Antisipasi Banjir, Pemprov DKI Kerahkan Pompa dan Percepat Pengerukan

0
113

(Vibizmedia – Jakarta) Pemerintah Provinsi (Pemprov) DKI Jakarta melalui Dinas Sumber Daya Air (SDA) terus memperkuat langkah antisipasi guna memitigasi potensi banjir di tengah curah hujan yang masih tinggi.

Upaya tersebut dilakukan dengan mengoptimalkan infrastruktur pengendali banjir, menyiagakan pompa, menerapkan sistem polder, serta menjaga fungsi badan air melalui pemeliharaan rutin.

Kepala Dinas SDA DKI Jakarta, Ika Agustin Ningrum, menyatakan seluruh jajaran telah berada dalam kondisi siaga penuh untuk menghadapi potensi hujan berintensitas tinggi. Ia menegaskan bahwa seluruh perangkat pengendali banjir dipastikan berfungsi optimal, baik sebelum, saat, maupun setelah hujan terjadi. Menurutnya, mitigasi banjir memerlukan kerja kolaboratif yang mengedepankan kecepatan, ketepatan, dan kesiapan infrastruktur.

Pemprov DKI Jakarta juga memastikan kesiapan sarana dan prasarana, mulai dari pompa stasioner, pompa mobile, hingga pintu air, agar dapat bekerja maksimal dalam setiap tahapan penanganan banjir.

Per 13 Maret 2026, tercatat sebanyak 668 unit pompa stasioner telah tersebar di 243 lokasi.

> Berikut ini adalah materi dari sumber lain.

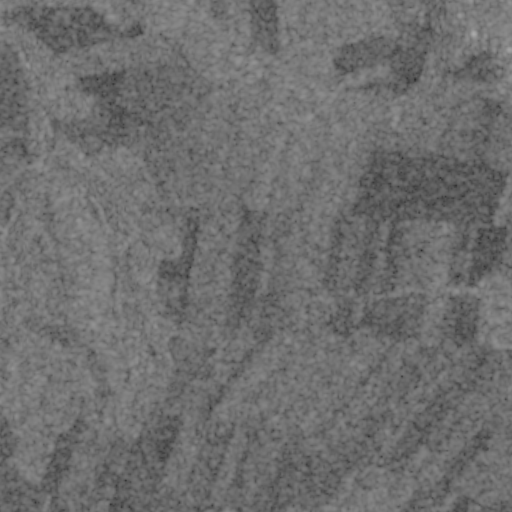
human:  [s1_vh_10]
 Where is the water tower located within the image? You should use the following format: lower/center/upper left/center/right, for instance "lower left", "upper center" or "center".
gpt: The water tower is located in the upper right of the image.
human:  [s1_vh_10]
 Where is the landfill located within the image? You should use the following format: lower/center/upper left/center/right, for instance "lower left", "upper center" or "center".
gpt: There is no landfill in the image.

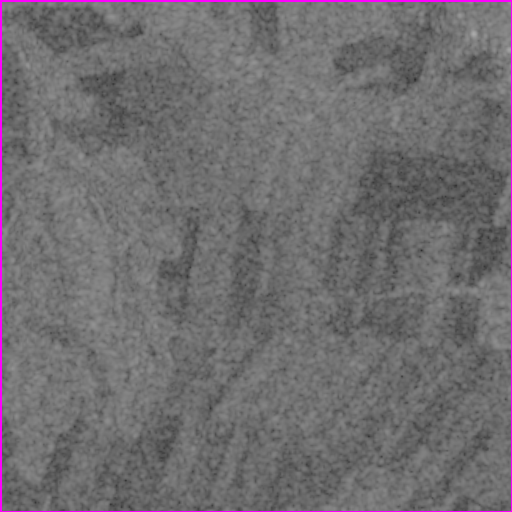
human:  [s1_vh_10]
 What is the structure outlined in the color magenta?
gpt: The structure outlined in magenta is a crop field.
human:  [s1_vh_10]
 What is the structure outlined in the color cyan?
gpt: There is no cyan outline.
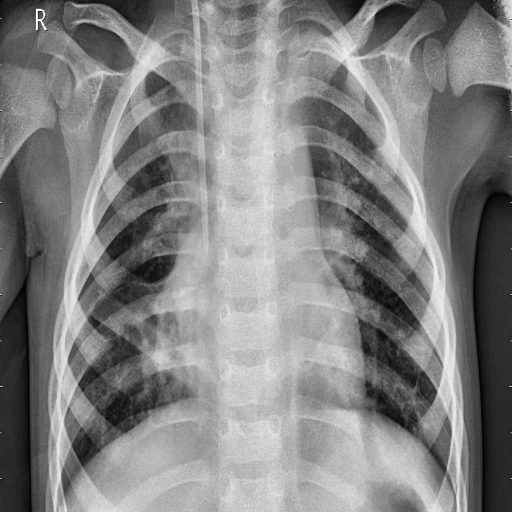
Finding: PNEUMONIA
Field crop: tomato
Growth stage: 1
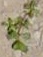
Species: portulaca
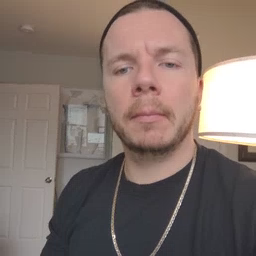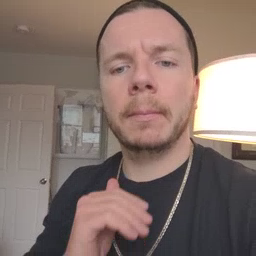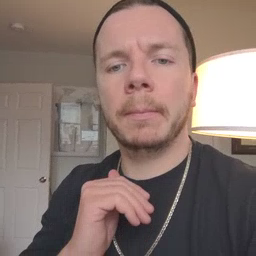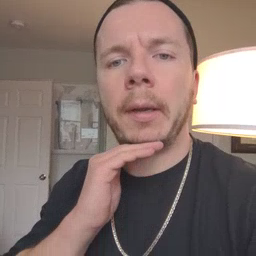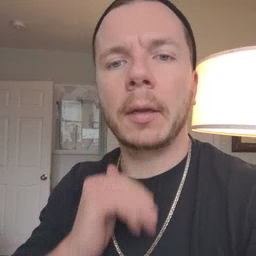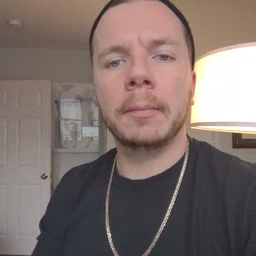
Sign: pig
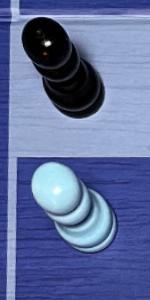
Label: Pawn_White
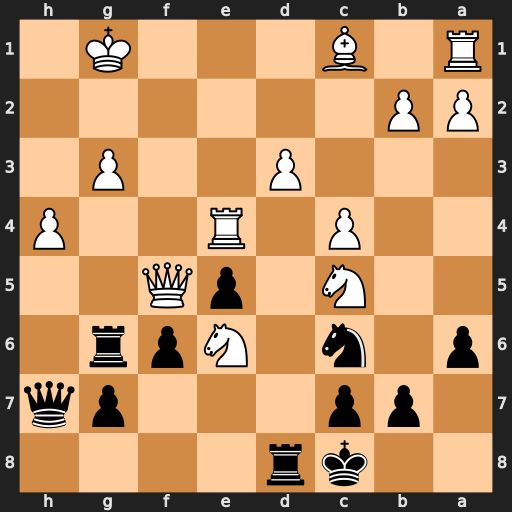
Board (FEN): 2kr4/1pp3pq/p1n1Npr1/2N1pQ2/2P1R2P/3P2P1/PP6/R1B3K1
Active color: b
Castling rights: -
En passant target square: -
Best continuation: Rxg3+ Kh2 Qxf5
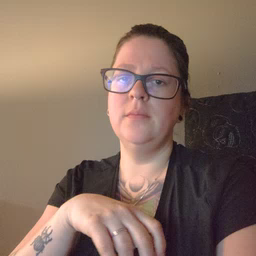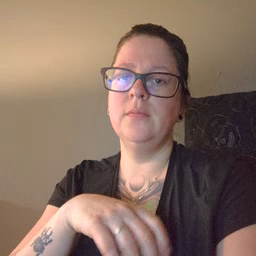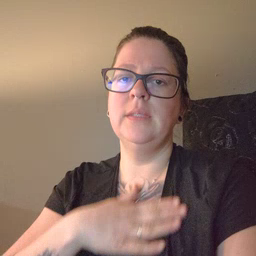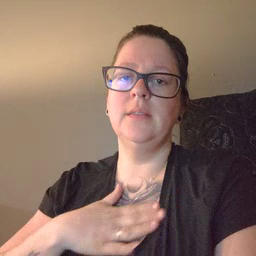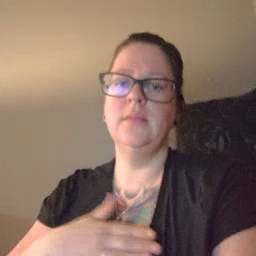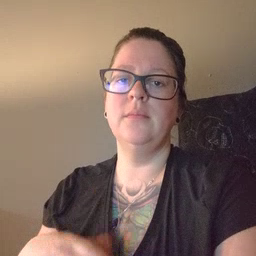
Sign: please
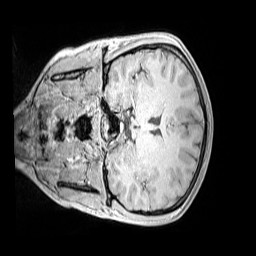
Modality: MP2RAGE
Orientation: coronal
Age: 14
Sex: female
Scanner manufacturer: siemens
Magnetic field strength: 3 T
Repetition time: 4 s
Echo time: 0.00299 s
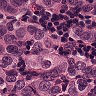
Metastatic tissue present: yes
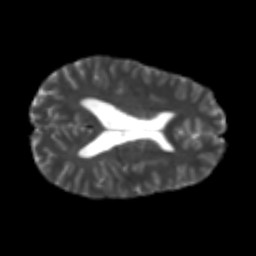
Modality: T2w
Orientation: axial
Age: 22
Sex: male
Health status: healthy
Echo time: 0.074 s
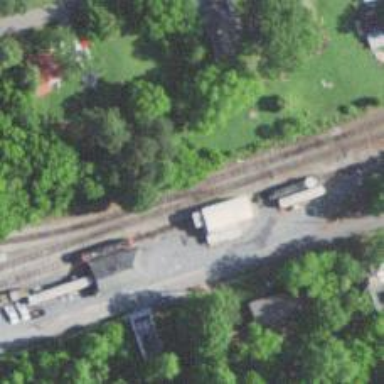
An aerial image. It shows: Railway track.
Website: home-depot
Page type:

Selain itu, tersedia 537 unit pompa mobile di lima wilayah administrasi Jakarta yang difungsikan untuk menjangkau titik genangan yang tidak terlayani pompa stasioner.

Untuk meningkatkan kapasitas tampung air, Dinas SDA turut mempercepat pengerukan sungai, kali, waduk, situ, dan embung. Hingga pertengahan Maret 2026, volume pengerukan telah mencapai 123.393 meter kubik di seluruh wilayah kota administrasi.

Program pengerukan ini telah dimulai sejak 2 Januari 2026 dan akan terus diperluas. Sepanjang 2025, total volume pengerukan bahkan mencapai 919.173 meter kubik.

Dalam pelaksanaannya, Dinas SDA mengerahkan 260 unit excavator dan 465 unit dump truck guna mempercepat proses normalisasi serta pemeliharaan badan air.

Selain itu, kesiapan Satuan Tugas (Satgas) SDA atau Pasukan Biru juga menjadi andalan di lapangan. Mereka bertugas mendukung operasional pompa sekaligus menangani genangan secara cepat dan efektif, serta rutin melakukan pemantauan terutama saat hujan deras.

Pemprov DKI Jakarta mengimbau masyarakat untuk tetap waspada terhadap potensi genangan. Dalam kondisi darurat, warga dapat memanfaatkan aplikasi JAKI atau menghubungi layanan darurat 112.

Melalui berbagai langkah ini, diharapkan dampak banjir dapat diminimalkan sehingga aktivitas masyarakat tetap berjalan dengan aman dan lancar.